États-Unis : liberté pour le soldat Manning ! (LO)

États-Unis : liberté pour le soldat Manning ! (LO) dans Antimilitarisme anonymous.bradley.manning-300x237

Le procès du soldat Manning a commencé. Ce jeune soldat de 25 ans est accusé par l’armée américaine d’avoir téléchargé et envoyé à Wikileaks, quand il était employé à Bagdad par l’armée comme informaticien, quelque 700 000 documents classifiés. Poursuivi pour intelligence avec l’ennemi, il risque la prison à perpétuité.

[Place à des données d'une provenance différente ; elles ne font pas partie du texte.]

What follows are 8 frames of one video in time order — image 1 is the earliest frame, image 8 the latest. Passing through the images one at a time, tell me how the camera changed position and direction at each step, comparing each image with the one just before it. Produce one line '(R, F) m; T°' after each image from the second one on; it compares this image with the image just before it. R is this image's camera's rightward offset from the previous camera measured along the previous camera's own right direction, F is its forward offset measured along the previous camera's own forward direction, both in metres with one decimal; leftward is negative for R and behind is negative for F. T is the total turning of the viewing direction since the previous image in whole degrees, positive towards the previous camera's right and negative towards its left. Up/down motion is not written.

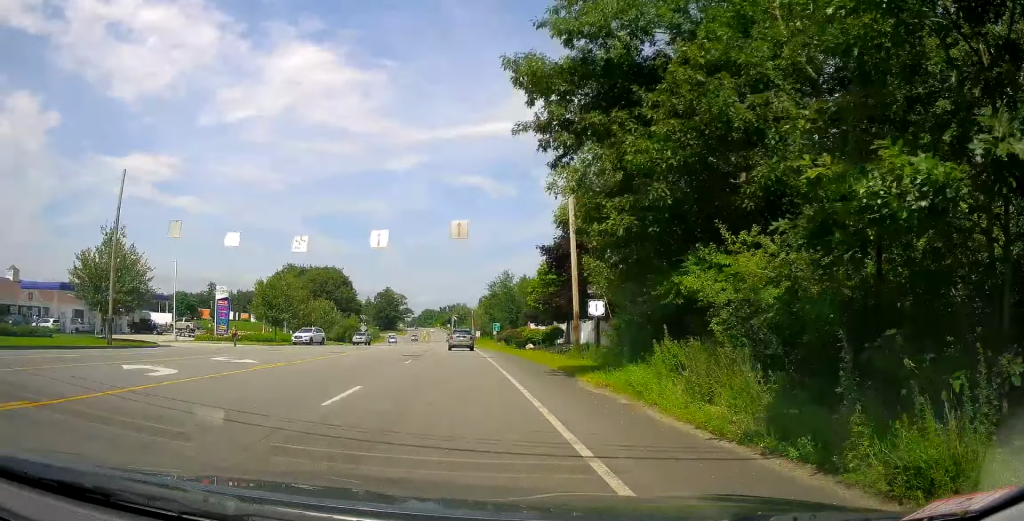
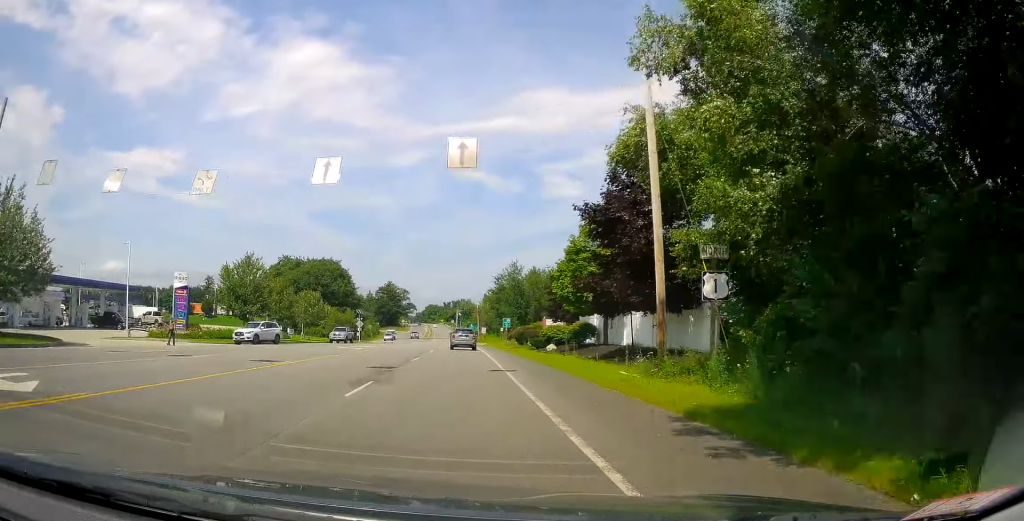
(-0.2, +10.6) m; -1°
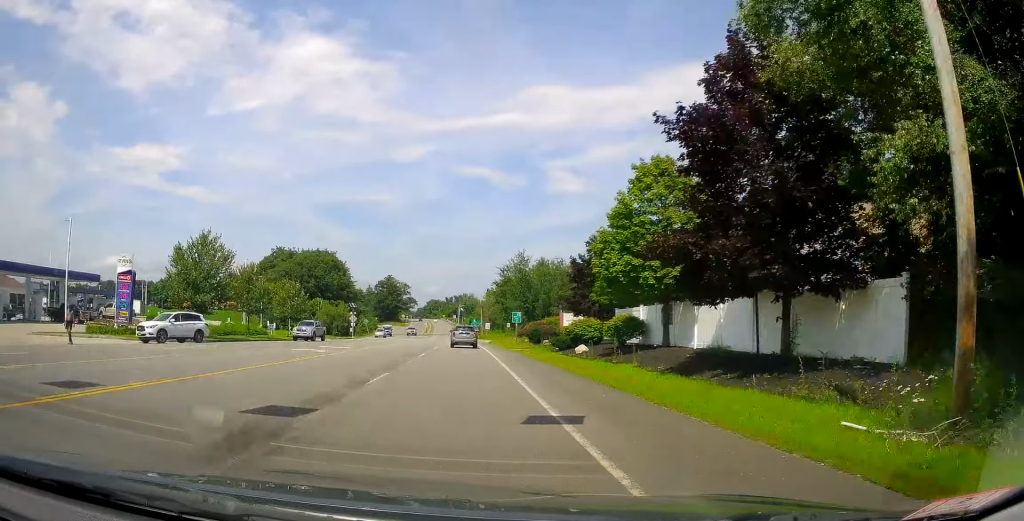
(0.0, +10.0) m; 0°
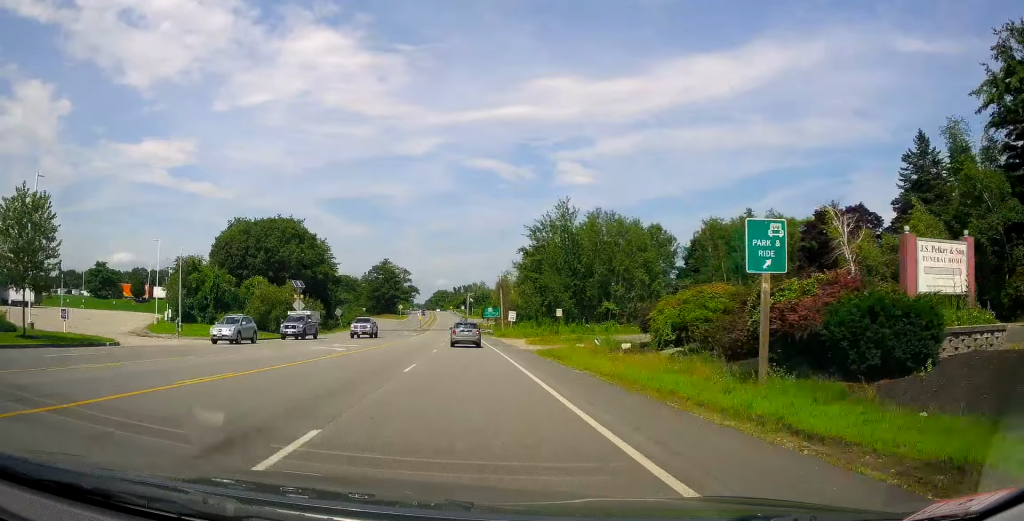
(+0.2, +43.1) m; -1°
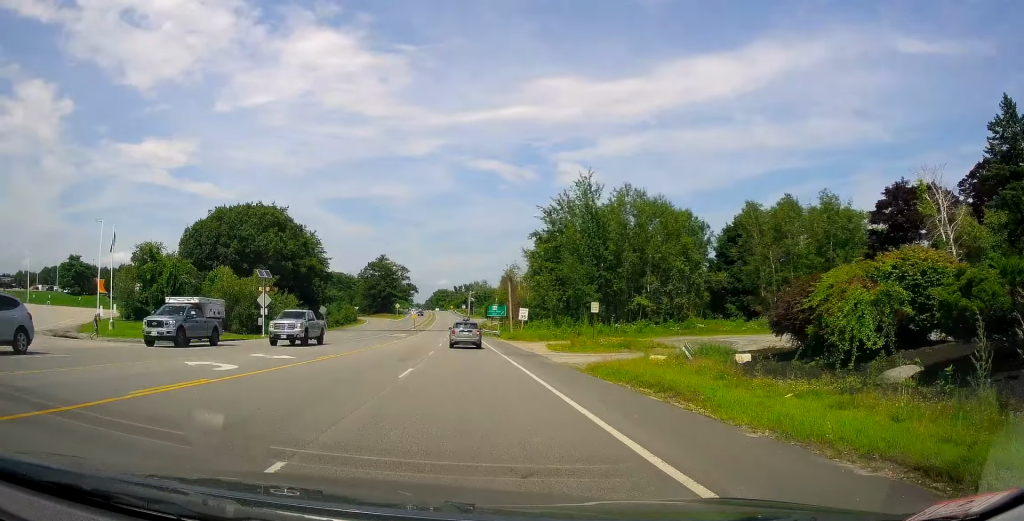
(-0.1, +13.1) m; -1°
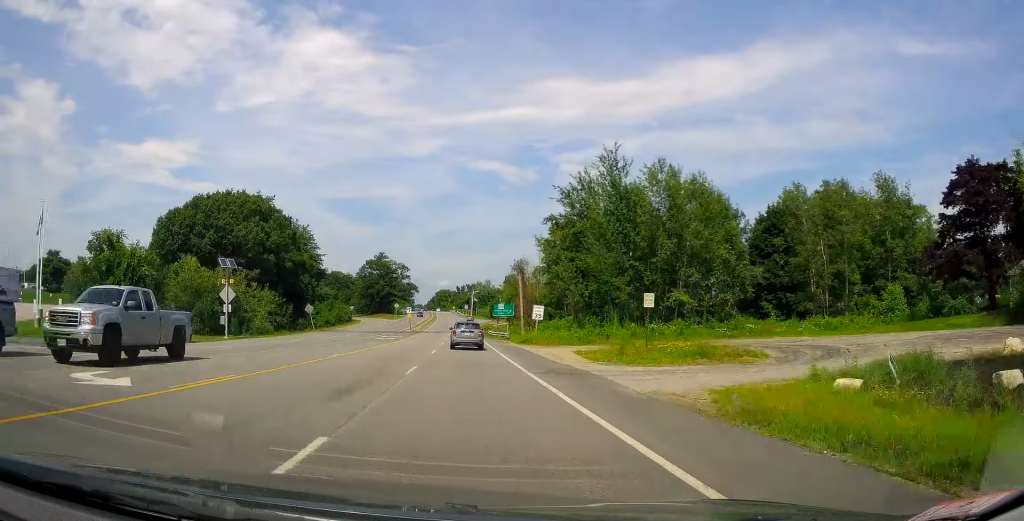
(-0.1, +10.3) m; 0°
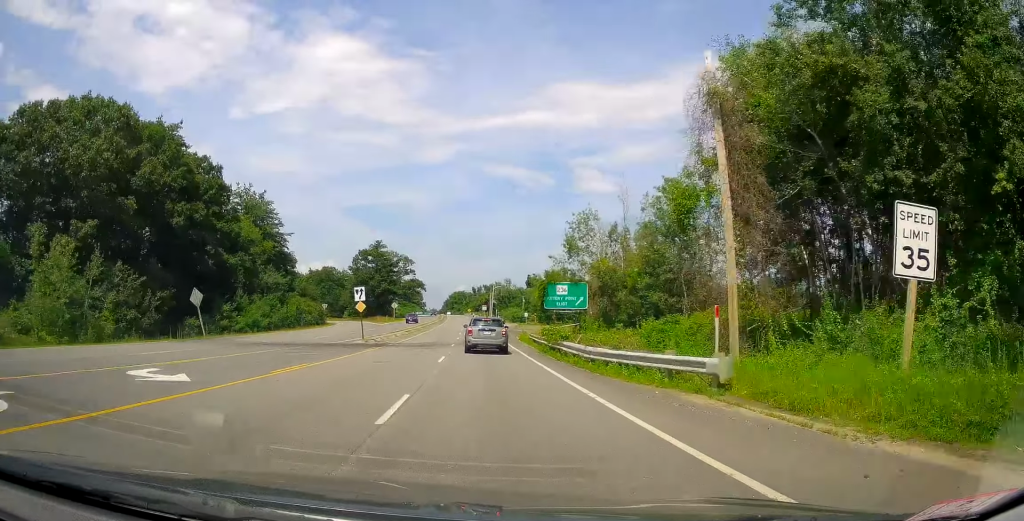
(+0.2, +43.4) m; 0°
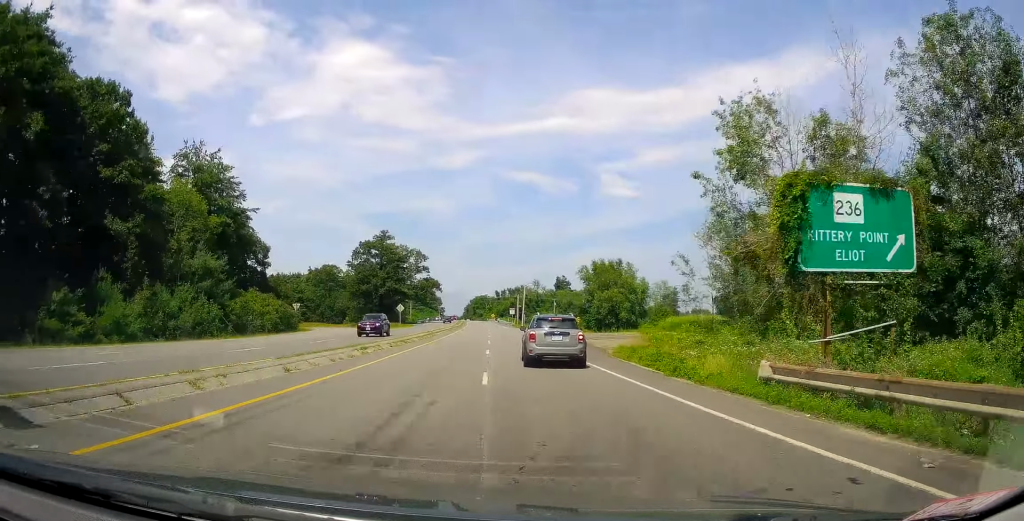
(-0.5, +31.6) m; -2°

Fils d’un Américain et d’une Britannique, ce jeune homme frêle était considéré pendant sa scolarité au Pays de Galles comme quelqu’un de cultivé et po- litisé, ce qui lui valait aussi d’être moqué. Mal dans sa peau, il a fini par s’engager à 20 ans dans l’armée américaine et s’est retrouvé, après ses classes, à Bagdad. Homosexuel, il supportait mal la règle hypocrite qui prévaut alors : ne pas en parler pour ne pas être chassé de l’armée. Dans ce procès, Manning plaide coupable pour dix chefs d’accusation sur les 22 retenus contre lui. Certains sont fantaisistes, comme le fait de voir une preuve de sa trahison dans la présence de documents Wikileaks dans la planque de Ben Laden. L’État américain devrait alors poursuivre tous les journaux de la planète qui en ont publié de larges extraits, voire édité des suppléments spéciaux, contribuant ainsi à divulguer des secrets militaires tout en gagnant de l’argent !

Manning, lui, est désintéressé.

Dans une déclaration préliminaire, il a expliqué que sa conduite avait été dictée par sa volonté de dénoncer les crimes, les abus et la corruption régnant dans l’armée américaine en Irak et en Afghanistan. Pour l’État américain, cela justifie les poursuites engagées mais, pour tous ceux qui ont dénoncé ces guerres injustes, il est un exemple à suivre. Des manifestants sont venus le soutenir lors de l’ouverture du procès. Cette affaire rappelle celle des « papiers du Pentagone » pendant la guerre du Vietnam. En 1971 Internet n’existait pas, mais des documents classifiés avaient été photocopiés par un expert militaire, Daniel Ellsberg, qui les avait transmis au New York Times, qui les avait publiés. Ces 7 000 pages de documents montraient que la guerre du Vietnam était impossible à gagner et que les dirigeants américains avaient menti à leur peuple, tout comme Bush et Powell mentirent à leur tour en 2003 pour lancer leur guerre contre le peuple irakien. Ellsberg avait été qualifié par Kissinger, qui menait alors la politique américaine, d’« homme le plus dangereux d’Amérique ». Mais, quarante ans après, ces papiers furent officiellement publiés et Ellsberg est devenu un exemple d’homme déterminé face au pouvoir aveugle. Interrogé sur le sort du soldat Manning, Ellsberg a d’ailleurs déclaré que, s’il est vraiment responsable de ce dont on l’accuse, alors il est son « héros ».